Nepal’s Supreme Court has repeatedly ordered the government to investigate gross violations of human rights and international humanitarian law during the conflict from 1996 to 2006, and to conduct a meaningful, effective transitional justice process to establish the truth and provide justice for thousands of cases of serious abuses.
“The Nepali government stands in blatant violation of express orders of the Supreme Court by failing to conduct a credible, timely transitional justice process,” said Mandira Sharma, senior legal adviser for South Asia at the ICJ.
The governmental Commission of Investigation on Enforced Disappeared Persons (CIEDP) was formed in 2015 as part of the transitional justice process to investigate civil war abuses. In 2020, the CIEDP published a list of 2,506 people allegedly forcibly disappeared, but it has failed to determine what happened to a single victim, and nobody has been held accountable. Victims’ families have attempted to pursue justice through the legal system, but successive governments have blocked proceedings.
“The families of victims of enforced disappearance suffer deep anguish, not knowing what happened to their loved ones, while the Nepali government has used a sham transitional justice process to block their efforts to discover the truth,” said Meenakshi Ganguly, South Asia director at Human Rights Watch. “The current process does not provide truth, reconciliation, justice, or accountability, but instead shields perpetrators and denies victims their rights.”
Alongside the disappearances commission, Nepal also established a Truth and Reconciliation Commission (TRC), which received over 60,000 complaints of abuses from the conflict era but has failed to complete the investigation of a single case.
In 2014, Nepal’s parliament passed the Commission of Inquiry on Enforced Disappearances, Truth and Reconciliation Commission Act, providing a legal framework for the two transitional justice commissions. However, the act also authorized these commissions to recommend amnesty and mediate cases, even in situations involving grave crimes and gross violations of human rights, including enforced disappearances. In 2015, the Supreme Court struck down these provisions and ordered the government to amend the act. The government petitioned to overturn the ruling, but the court rejected the petition in April 2020.
With successive Nepali governments failing to amend the law, since 2015, the United Nations has declined to engage with Nepal’s transitional justice bodies because they do not meet basic international legal standards, especially with respect to the broad provisions to grant amnesty to perpetrators.
Victims and civil society organizations in Nepal have been seeking meaningful consultations, amendment of the law, and appointment of commissioners only after the law has been amended.
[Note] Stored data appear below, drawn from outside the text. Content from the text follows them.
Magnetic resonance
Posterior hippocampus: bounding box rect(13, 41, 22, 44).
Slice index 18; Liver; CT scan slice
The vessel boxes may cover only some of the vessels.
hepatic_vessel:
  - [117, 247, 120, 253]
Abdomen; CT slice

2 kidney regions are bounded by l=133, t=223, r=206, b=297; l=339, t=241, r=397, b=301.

However, Nepal’s political parties have all, when they were in office, failed to hold meaningful consultations with victims. Instead, for example, they choreographed perfunctory meetings at seven locations around the country on a single day at short notice in January 2020.
“A credible process to establish the fate of the disappeared and provide justice, truth, and reparation for these and other crimes needs to earn the trust of victims and place their needs at its heart,” said Dinushika Dissanayake, deputy South Asia director at Amnesty International. “Instead, transitional justice has been treated as a political bargaining chip to be bartered in opaque negotiations between politicians since the war ended 15 years ago.”
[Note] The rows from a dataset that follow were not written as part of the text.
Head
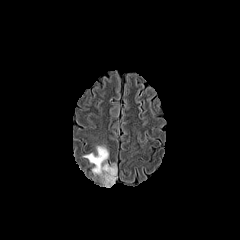
FLAIR MRI.
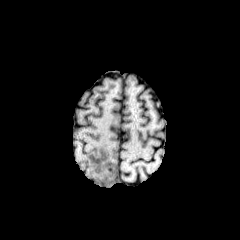
T1-weighted magnetic resonance.
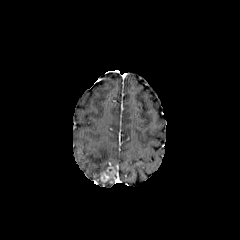
Post-contrast T1-weighted MR.
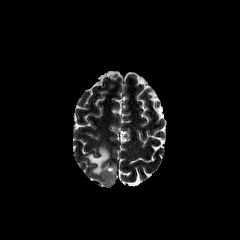
Same slice, T2-weighted MR.
Edema — (83,146,109,176).
Enhancing tumor — (100,165,116,182).
Non-enhancing tumor core — (97,175,114,187).

Under international law, enforced disappearance is an ongoing crime. Nepal’s 2018 penal code recognized enforced disappearance as a crime in Nepali domestic law for the first time. Where sufficient admissible evidence exists, Nepal’s justice system should take up cases of enforced disappearance and prosecute alleged perpetrators. The police in the past have refused to investigate cases, either initially by arguing that acts of enforced disappearance were not criminal offenses under national law, or on the pretext that the transitional justice commissions would investigate. Three years since the penal code criminalized enforced disappearance, nobody has been prosecuted under that law.
Nepal’s international partners should stand with the victims of serious crimes under international law, including enforced disappearance, and press the Nepali government to uphold its domestic and international legal obligations and carry out the Supreme Court’s rulings, the groups said. Progress toward justice and the rule of law can only be built on transparency, respect for victims’ needs, and enforcement of basic legal principles.
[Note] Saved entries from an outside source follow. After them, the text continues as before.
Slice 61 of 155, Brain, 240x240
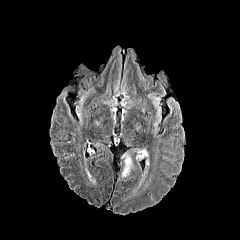
FLAIR MR image.
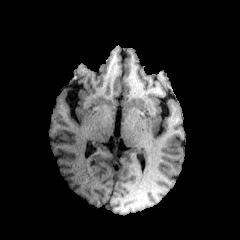
T1-weighted MRI.
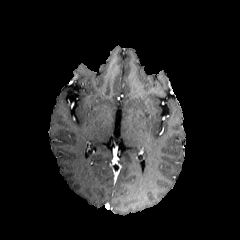
Post-contrast T1-weighted magnetic resonance.
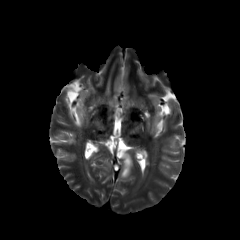
Same slice, T2-weighted magnetic resonance.
edema:
  - [x1=121, y1=156, x2=132, y2=177]
  - [x1=143, y1=149, x2=149, y2=166]

“After 15 painful years, it is little wonder that victims have lost faith in the justice process, while the rule of law in Nepal is being stretched to breaking point,” Sharma said. “Nepal’s government should protect human rights and not shield the perpetrators of criminal atrocities. Nepal’s international partners should make it clear that they stand in support of victims’ needs, justice, accountability, and the rule of law.”